Я тогда колебался, не знал, как ответить на просьбу Адрианы. «Погребение — дело живых, мертвых оно уже не касается», — как-то сказал он мне. Это было одно из его леденящих кровь заявлений. За которые его многие опасались. Интересно, сейчас он рассуждал бы так же?

Так вот. Адриана, натуральный дракон, дракон, брюхом защищавший Амадеу, перед лицом его смерти вдруг предстала растерянной беспомощной девчонкой. Так что мне пришлось брать ответственность на себя. Стало быть, я решил исполнить ее волю. Мне предстояло найти слова, которые соответствовали бы его духу. После многих лет, в течение которых он не заглядывал мне через плечо, когда я готовил речи, он снова оказался здесь. Да, солнце его жизни закатилось, но мертвенно-бледный застывший лик требовал, от меня еще большего, чем жизнерадостное юношеское лицо мальчика из прошлого.

Моя речь над гробом была обращена не только к усопшему. Я знал, что на погребении будет О'Келли. В его присутствии было немыслимо произносить слова о Боге и о том, что О'Келли презрительно называл Его «пустыми обещаниями». Выход я нашел в том, чтобы говорить о моих впечатлениях об Амадеу и о том следе, который он оставил во всех, кто его знал, даже в своих врагах.

Многолюдье на кладбище было невероятным. Пришли все, кого он лечил, простые люди, которым он ни разу не выставил счет. Я позволил себе всего лишь одно религиозное слово «Амен!». И произнес его потому, что Амадеу его любил, и Хорхе знал это. Святое слово закончило панихиду в кладбищенской тишине.

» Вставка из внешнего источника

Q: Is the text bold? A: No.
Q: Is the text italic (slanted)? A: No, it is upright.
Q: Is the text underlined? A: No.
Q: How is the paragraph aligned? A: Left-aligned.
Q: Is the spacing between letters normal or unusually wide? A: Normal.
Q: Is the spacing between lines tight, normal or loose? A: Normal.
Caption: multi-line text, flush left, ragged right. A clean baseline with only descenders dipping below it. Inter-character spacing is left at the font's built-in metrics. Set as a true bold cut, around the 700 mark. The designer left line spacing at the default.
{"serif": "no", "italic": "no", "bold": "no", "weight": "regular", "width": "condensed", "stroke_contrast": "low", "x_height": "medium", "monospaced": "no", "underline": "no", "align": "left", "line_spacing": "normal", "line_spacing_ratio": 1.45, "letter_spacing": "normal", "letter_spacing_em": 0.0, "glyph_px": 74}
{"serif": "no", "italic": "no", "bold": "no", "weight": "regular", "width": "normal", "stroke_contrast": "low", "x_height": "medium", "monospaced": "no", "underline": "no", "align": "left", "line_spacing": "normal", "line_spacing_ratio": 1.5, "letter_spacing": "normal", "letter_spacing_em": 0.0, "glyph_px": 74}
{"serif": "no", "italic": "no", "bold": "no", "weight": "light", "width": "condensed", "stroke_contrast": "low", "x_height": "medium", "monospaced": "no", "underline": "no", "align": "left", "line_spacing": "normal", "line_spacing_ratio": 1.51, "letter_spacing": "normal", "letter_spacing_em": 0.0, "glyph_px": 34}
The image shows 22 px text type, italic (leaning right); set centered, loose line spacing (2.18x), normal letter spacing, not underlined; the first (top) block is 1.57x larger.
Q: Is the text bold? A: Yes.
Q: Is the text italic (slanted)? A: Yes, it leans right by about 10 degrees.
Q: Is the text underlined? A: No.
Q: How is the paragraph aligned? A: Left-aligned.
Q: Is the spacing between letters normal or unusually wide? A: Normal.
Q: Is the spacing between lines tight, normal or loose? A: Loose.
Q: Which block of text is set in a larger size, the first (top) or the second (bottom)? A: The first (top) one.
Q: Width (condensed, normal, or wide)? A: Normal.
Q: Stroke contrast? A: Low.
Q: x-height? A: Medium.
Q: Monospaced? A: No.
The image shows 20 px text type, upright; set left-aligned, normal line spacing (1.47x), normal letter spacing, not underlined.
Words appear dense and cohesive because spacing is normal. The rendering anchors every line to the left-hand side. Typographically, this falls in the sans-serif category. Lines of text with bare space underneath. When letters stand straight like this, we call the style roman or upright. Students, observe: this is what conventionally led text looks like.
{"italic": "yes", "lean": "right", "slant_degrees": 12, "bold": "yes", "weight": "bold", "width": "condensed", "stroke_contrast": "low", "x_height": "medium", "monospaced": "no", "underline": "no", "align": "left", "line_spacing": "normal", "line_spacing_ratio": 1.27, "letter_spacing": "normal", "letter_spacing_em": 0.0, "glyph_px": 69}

Никто не шелохнулся. Начался дождь. Люди плакали и падали друг другу на грудь. Ни один не ушел. Разверзлись врата небесные, и в мгновенье ока все вымокли до нитки. Но оставались стоять. Я подумал: «Стоя на своих налившихся свинцом ногах, они пытаются задержать время, не хотят, чтобы оно утекало дальше и с каждой секундой все безвозвратней уносило от них любимого врача». Наконец, после получаса почти полной неподвижности, зашевелились старики, которым было уже невмоготу стоять на затекших ногах. Но прошло еще не меньше часа, прежде чем кладбище опустело.

А когда я тоже собрался уходить, произошло нечто странное, что позже даже иногда мне снилось, нечто, напоминавшее сюрреалистичные кадры Бунюэля. Двое, мужчина и молодая дама неброской красоты, одновременно двинулись к свежей могиле с противоположных концов кладбища. Мужчиной был О'Келли, женщину я не знал. Не могу сказать почему, но я чувствовал: они знакомы. И не просто знакомы, а связаны какими-то узами, узами беды или трагедии, в которую был вовлечен и Амадеу. Они проделали примерно одинаковый путь до могилы, казалось, соизмеряя шаг, чтобы в одно время очутиться у цели. Однако за весь путь они ни разу не взглянули друг на друга, опустив глаза долу. То, что они избегали смотреть друг на друга, связывало их еще большей близостью, чем скрещенные взгляды. Они не смотрели друг на друга и тогда, когда стояли над гробом визави, но их дыхание будто шло в унисон. Возникло ощущение, что им надо остаться с покойным наедине, и я покинул их. До сей поры я не знаю, что за тайна связывала этих мужчину и женщину, и какое это имело отношение к Амадеу.